**WHAT THE TASK ASKS**
Output the entries below without any alteration.

(Saved entries)
==*==

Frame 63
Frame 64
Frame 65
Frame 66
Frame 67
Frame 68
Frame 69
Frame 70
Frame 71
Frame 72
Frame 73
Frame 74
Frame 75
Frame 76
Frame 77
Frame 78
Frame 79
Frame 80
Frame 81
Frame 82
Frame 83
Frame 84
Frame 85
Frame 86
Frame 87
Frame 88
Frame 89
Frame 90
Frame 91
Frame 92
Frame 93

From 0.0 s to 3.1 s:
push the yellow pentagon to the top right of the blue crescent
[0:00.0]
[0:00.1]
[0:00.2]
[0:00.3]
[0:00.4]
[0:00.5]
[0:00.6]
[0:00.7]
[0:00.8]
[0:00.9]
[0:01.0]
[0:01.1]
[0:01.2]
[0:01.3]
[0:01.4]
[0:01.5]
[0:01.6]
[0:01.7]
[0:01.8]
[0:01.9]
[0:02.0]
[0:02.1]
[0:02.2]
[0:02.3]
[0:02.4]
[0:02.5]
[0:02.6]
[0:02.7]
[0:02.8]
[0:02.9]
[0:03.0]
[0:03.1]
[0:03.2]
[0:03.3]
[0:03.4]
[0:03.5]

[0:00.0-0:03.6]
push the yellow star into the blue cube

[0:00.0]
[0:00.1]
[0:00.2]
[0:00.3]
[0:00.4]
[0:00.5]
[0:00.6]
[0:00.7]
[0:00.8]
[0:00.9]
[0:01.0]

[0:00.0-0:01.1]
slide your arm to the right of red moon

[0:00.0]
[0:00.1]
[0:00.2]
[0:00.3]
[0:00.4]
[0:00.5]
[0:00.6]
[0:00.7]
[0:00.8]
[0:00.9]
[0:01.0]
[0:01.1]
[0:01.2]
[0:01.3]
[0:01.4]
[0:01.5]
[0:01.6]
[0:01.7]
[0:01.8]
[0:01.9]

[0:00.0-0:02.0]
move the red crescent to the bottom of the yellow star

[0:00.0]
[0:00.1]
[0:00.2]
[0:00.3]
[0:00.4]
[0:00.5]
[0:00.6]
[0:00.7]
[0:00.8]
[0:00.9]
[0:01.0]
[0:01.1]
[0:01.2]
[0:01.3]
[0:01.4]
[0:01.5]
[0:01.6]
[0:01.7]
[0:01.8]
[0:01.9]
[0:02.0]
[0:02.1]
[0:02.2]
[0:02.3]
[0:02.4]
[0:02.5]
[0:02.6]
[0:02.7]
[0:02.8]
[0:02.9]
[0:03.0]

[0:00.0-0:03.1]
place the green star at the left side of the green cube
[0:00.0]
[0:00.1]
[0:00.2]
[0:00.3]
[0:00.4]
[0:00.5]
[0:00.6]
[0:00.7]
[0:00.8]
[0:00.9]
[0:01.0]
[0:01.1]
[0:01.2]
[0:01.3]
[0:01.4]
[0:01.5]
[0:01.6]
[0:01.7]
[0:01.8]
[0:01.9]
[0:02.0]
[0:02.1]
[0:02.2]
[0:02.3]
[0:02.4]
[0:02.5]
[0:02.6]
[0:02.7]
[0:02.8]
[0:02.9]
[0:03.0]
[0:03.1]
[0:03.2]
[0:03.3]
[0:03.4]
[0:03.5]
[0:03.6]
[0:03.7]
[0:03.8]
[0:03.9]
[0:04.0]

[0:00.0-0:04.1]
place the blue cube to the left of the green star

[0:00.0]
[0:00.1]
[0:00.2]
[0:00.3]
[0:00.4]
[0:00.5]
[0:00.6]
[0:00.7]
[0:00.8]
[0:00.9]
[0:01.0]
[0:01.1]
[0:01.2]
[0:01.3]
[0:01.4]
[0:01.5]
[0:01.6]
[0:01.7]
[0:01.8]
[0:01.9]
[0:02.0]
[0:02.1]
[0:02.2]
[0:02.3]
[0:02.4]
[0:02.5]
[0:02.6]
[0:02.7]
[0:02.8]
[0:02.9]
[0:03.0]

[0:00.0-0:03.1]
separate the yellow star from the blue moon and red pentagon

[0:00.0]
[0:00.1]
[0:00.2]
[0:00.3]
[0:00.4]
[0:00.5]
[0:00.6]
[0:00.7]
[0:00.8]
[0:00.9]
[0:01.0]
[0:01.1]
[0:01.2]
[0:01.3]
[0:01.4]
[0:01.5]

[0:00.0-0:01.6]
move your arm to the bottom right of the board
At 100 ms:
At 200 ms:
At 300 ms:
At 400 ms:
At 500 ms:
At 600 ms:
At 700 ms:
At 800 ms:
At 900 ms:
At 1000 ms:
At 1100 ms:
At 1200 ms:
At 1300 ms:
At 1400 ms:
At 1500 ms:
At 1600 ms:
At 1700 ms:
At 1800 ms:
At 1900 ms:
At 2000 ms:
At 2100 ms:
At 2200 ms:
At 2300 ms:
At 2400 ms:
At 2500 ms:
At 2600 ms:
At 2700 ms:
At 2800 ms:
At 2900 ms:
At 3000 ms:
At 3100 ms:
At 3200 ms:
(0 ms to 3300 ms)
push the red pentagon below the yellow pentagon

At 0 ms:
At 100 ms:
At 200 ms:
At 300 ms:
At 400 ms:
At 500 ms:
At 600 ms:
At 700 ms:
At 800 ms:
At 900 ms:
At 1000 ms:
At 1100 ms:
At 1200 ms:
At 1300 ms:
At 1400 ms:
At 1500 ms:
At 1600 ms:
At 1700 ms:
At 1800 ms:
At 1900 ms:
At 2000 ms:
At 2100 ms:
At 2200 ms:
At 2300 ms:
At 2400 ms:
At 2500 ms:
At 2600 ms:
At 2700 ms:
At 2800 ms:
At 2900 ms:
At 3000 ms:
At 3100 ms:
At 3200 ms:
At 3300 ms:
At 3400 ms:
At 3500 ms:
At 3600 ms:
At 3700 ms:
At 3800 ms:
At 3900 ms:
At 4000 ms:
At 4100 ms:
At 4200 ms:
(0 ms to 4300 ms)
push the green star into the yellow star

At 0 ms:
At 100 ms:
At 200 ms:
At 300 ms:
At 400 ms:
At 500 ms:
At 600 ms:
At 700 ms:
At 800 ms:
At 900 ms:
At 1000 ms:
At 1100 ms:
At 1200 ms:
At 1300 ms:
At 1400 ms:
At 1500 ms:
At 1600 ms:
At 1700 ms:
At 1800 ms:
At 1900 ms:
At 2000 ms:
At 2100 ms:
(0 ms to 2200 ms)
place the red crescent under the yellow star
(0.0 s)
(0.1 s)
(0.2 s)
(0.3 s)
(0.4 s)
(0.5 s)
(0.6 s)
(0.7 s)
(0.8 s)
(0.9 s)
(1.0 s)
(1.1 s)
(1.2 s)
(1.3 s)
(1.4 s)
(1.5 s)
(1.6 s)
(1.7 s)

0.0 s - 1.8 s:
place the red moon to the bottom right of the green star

==*==

**WORKED SOLUTION**
Frame 63
Frame 64
Frame 65
Frame 66
Frame 67
Frame 68
Frame 69
Frame 70
Frame 71
Frame 72
Frame 73
Frame 74
Frame 75
Frame 76
Frame 77
Frame 78
Frame 79
Frame 80
Frame 81
Frame 82
Frame 83
Frame 84
Frame 85
Frame 86
Frame 87
Frame 88
Frame 89
Frame 90
Frame 91
Frame 92
Frame 93

From 0.0 s to 3.1 s:
push the yellow pentagon to the top right of the blue crescent
[0:00.0]
[0:00.1]
[0:00.2]
[0:00.3]
[0:00.4]
[0:00.5]
[0:00.6]
[0:00.7]
[0:00.8]
[0:00.9]
[0:01.0]
[0:01.1]
[0:01.2]
[0:01.3]
[0:01.4]
[0:01.5]
[0:01.6]
[0:01.7]
[0:01.8]
[0:01.9]
[0:02.0]
[0:02.1]
[0:02.2]
[0:02.3]
[0:02.4]
[0:02.5]
[0:02.6]
[0:02.7]
[0:02.8]
[0:02.9]
[0:03.0]
[0:03.1]
[0:03.2]
[0:03.3]
[0:03.4]
[0:03.5]

[0:00.0-0:03.6]
push the yellow star into the blue cube

[0:00.0]
[0:00.1]
[0:00.2]
[0:00.3]
[0:00.4]
[0:00.5]
[0:00.6]
[0:00.7]
[0:00.8]
[0:00.9]
[0:01.0]

[0:00.0-0:01.1]
slide your arm to the right of red moon

[0:00.0]
[0:00.1]
[0:00.2]
[0:00.3]
[0:00.4]
[0:00.5]
[0:00.6]
[0:00.7]
[0:00.8]
[0:00.9]
[0:01.0]
[0:01.1]
[0:01.2]
[0:01.3]
[0:01.4]
[0:01.5]
[0:01.6]
[0:01.7]
[0:01.8]
[0:01.9]

[0:00.0-0:02.0]
move the red crescent to the bottom of the yellow star

[0:00.0]
[0:00.1]
[0:00.2]
[0:00.3]
[0:00.4]
[0:00.5]
[0:00.6]
[0:00.7]
[0:00.8]
[0:00.9]
[0:01.0]
[0:01.1]
[0:01.2]
[0:01.3]
[0:01.4]
[0:01.5]
[0:01.6]
[0:01.7]
[0:01.8]
[0:01.9]
[0:02.0]
[0:02.1]
[0:02.2]
[0:02.3]
[0:02.4]
[0:02.5]
[0:02.6]
[0:02.7]
[0:02.8]
[0:02.9]
[0:03.0]

[0:00.0-0:03.1]
place the green star at the left side of the green cube
[0:00.0]
[0:00.1]
[0:00.2]
[0:00.3]
[0:00.4]
[0:00.5]
[0:00.6]
[0:00.7]
[0:00.8]
[0:00.9]
[0:01.0]
[0:01.1]
[0:01.2]
[0:01.3]
[0:01.4]
[0:01.5]
[0:01.6]
[0:01.7]
[0:01.8]
[0:01.9]
[0:02.0]
[0:02.1]
[0:02.2]
[0:02.3]
[0:02.4]
[0:02.5]
[0:02.6]
[0:02.7]
[0:02.8]
[0:02.9]
[0:03.0]
[0:03.1]
[0:03.2]
[0:03.3]
[0:03.4]
[0:03.5]
[0:03.6]
[0:03.7]
[0:03.8]
[0:03.9]
[0:04.0]

[0:00.0-0:04.1]
place the blue cube to the left of the green star

[0:00.0]
[0:00.1]
[0:00.2]
[0:00.3]
[0:00.4]
[0:00.5]
[0:00.6]
[0:00.7]
[0:00.8]
[0:00.9]
[0:01.0]
[0:01.1]
[0:01.2]
[0:01.3]
[0:01.4]
[0:01.5]
[0:01.6]
[0:01.7]
[0:01.8]
[0:01.9]
[0:02.0]
[0:02.1]
[0:02.2]
[0:02.3]
[0:02.4]
[0:02.5]
[0:02.6]
[0:02.7]
[0:02.8]
[0:02.9]
[0:03.0]

[0:00.0-0:03.1]
separate the yellow star from the blue moon and red pentagon

[0:00.0]
[0:00.1]
[0:00.2]
[0:00.3]
[0:00.4]
[0:00.5]
[0:00.6]
[0:00.7]
[0:00.8]
[0:00.9]
[0:01.0]
[0:01.1]
[0:01.2]
[0:01.3]
[0:01.4]
[0:01.5]

[0:00.0-0:01.6]
move your arm to the bottom right of the board
At 100 ms:
At 200 ms:
At 300 ms:
At 400 ms:
At 500 ms:
At 600 ms:
At 700 ms:
At 800 ms:
At 900 ms:
At 1000 ms:
At 1100 ms:
At 1200 ms:
At 1300 ms:
At 1400 ms:
At 1500 ms:
At 1600 ms:
At 1700 ms:
At 1800 ms:
At 1900 ms:
At 2000 ms:
At 2100 ms:
At 2200 ms:
At 2300 ms:
At 2400 ms:
At 2500 ms:
At 2600 ms:
At 2700 ms:
At 2800 ms:
At 2900 ms:
At 3000 ms:
At 3100 ms:
At 3200 ms:
(0 ms to 3300 ms)
push the red pentagon below the yellow pentagon

At 0 ms:
At 100 ms:
At 200 ms:
At 300 ms:
At 400 ms:
At 500 ms:
At 600 ms:
At 700 ms:
At 800 ms:
At 900 ms:
At 1000 ms:
At 1100 ms:
At 1200 ms:
At 1300 ms:
At 1400 ms:
At 1500 ms:
At 1600 ms:
At 1700 ms:
At 1800 ms:
At 1900 ms:
At 2000 ms:
At 2100 ms:
At 2200 ms:
At 2300 ms:
At 2400 ms:
At 2500 ms:
At 2600 ms:
At 2700 ms:
At 2800 ms:
At 2900 ms:
At 3000 ms:
At 3100 ms:
At 3200 ms:
At 3300 ms:
At 3400 ms:
At 3500 ms:
At 3600 ms:
At 3700 ms:
At 3800 ms:
At 3900 ms:
At 4000 ms:
At 4100 ms:
At 4200 ms:
(0 ms to 4300 ms)
push the green star into the yellow star

At 0 ms:
At 100 ms:
At 200 ms:
At 300 ms:
At 400 ms:
At 500 ms:
At 600 ms:
At 700 ms:
At 800 ms:
At 900 ms:
At 1000 ms:
At 1100 ms:
At 1200 ms:
At 1300 ms:
At 1400 ms:
At 1500 ms:
At 1600 ms:
At 1700 ms:
At 1800 ms:
At 1900 ms:
At 2000 ms:
At 2100 ms:
(0 ms to 2200 ms)
place the red crescent under the yellow star
(0.0 s)
(0.1 s)
(0.2 s)
(0.3 s)
(0.4 s)
(0.5 s)
(0.6 s)
(0.7 s)
(0.8 s)
(0.9 s)
(1.0 s)
(1.1 s)
(1.2 s)
(1.3 s)
(1.4 s)
(1.5 s)
(1.6 s)
(1.7 s)

0.0 s - 1.8 s:
place the red moon to the bottom right of the green star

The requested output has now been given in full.